The 21st Century Bill And You

By Susan Isaacs

 

The U.S. Senate just passed the 21st Century ROAD To Housing bill. Here’s what’s in it, and how it could impact DC’s housing market.

The 21st Century ROAD to Housing Act merges portions of the House-passed Housing for the 21st Century Act with the Senate’s ROAD to Housing Act to address housing shortages and affordability. The bill is intended to reduce construction costs, limit large institutional investors from purchasing single-family homes, and streamline federal housing regulations.

Even those who don’t follow real estate news have probably heard some buzz about the 21st Century ROAD to Housing Act. It’s the kind of legislation that makes Washington DC agents, investors, and homeowners lean in because (let’s be honest) anything that could goose the DC housing market is worth a listen.

The Act was primarily sponsored by Senators Tim Scott (R-S.C.) and Elizabeth Warren (D-Mass.), leaders of the Senate Banking, Housing, and Urban Affairs Committee.

So what’s inside the Act, and why does it matter if you’re buying, selling, or just trying to keep your thumb on the pulse of housing in the District?

What’s in the Act

The 21st Century ROAD (Reinvestment, Opportunity, and Access to Development) to Housing Act is Congress’s latest attempt at tackling the country’s housing squeeze.

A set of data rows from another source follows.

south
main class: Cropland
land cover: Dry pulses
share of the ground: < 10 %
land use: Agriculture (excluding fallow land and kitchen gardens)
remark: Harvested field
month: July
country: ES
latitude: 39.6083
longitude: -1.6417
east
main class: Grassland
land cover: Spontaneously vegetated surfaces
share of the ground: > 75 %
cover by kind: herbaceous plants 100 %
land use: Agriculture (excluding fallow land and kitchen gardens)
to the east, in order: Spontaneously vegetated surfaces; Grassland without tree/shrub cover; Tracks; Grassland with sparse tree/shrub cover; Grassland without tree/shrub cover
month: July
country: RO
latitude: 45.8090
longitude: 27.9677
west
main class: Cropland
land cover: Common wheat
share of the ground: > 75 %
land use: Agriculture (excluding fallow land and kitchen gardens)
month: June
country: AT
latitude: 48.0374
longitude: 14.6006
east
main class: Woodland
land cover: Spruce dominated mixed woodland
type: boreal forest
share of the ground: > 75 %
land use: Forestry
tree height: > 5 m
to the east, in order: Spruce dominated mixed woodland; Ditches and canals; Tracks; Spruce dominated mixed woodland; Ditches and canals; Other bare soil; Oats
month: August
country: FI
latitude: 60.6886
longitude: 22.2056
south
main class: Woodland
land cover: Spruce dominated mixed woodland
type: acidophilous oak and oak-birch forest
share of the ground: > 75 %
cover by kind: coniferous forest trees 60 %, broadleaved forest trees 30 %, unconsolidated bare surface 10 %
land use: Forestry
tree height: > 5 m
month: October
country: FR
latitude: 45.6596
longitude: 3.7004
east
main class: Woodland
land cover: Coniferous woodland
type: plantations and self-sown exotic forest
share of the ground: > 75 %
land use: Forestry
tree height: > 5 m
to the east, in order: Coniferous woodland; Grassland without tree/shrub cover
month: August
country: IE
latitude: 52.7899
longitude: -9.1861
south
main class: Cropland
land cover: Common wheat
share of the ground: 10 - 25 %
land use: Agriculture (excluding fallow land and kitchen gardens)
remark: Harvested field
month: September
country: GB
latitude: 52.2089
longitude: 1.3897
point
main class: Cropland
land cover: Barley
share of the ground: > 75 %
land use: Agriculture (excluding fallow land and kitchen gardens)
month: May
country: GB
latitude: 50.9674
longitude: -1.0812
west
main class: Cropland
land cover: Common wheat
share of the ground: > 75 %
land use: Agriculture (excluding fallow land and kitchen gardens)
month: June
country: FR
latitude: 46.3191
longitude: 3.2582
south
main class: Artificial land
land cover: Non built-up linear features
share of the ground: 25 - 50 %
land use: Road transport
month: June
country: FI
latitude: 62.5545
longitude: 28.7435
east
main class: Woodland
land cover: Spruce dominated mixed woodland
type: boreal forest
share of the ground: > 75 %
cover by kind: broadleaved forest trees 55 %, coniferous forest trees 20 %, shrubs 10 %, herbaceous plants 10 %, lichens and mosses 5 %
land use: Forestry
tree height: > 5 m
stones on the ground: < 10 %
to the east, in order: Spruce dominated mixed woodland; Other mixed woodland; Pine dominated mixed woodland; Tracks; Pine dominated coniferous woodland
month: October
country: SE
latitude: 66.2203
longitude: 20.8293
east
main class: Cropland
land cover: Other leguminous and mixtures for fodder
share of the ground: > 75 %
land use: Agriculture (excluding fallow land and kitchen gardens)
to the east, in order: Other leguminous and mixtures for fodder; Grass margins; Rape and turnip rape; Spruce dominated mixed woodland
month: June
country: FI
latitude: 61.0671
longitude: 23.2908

The bill’s main goals are pretty clear: make homeownership more attainable, boost affordable housing stock, and streamline the development process in neighborhoods that have been left behind.

Its main provisions include:

  • Expanded down payment assistance for first-time buyers, especially those from historically underserved communities
  • Tax incentives for developers committing to building or rehabbing affordable housing units in targeted neighborhoods
  • Zoning and permitting reform aimed at cutting red tape for new residential construction, particularly in areas where housing demand far outpaces supply
  • Protections for existing renters The Act (Sec. 201) expands the Rental Assistance Demonstration (RAD) program by removing existing caps on the number of units that can convert to long-term Section 8 contracts. Tenants have the right to return to their homes after rehabilitation, without re-screening following conversion. Residents may also gain the right to move with a tenant-based voucher after a set period, offering more flexibility. Properties are placed under long-term (15-20 year) contracts to ensure sustained affordability.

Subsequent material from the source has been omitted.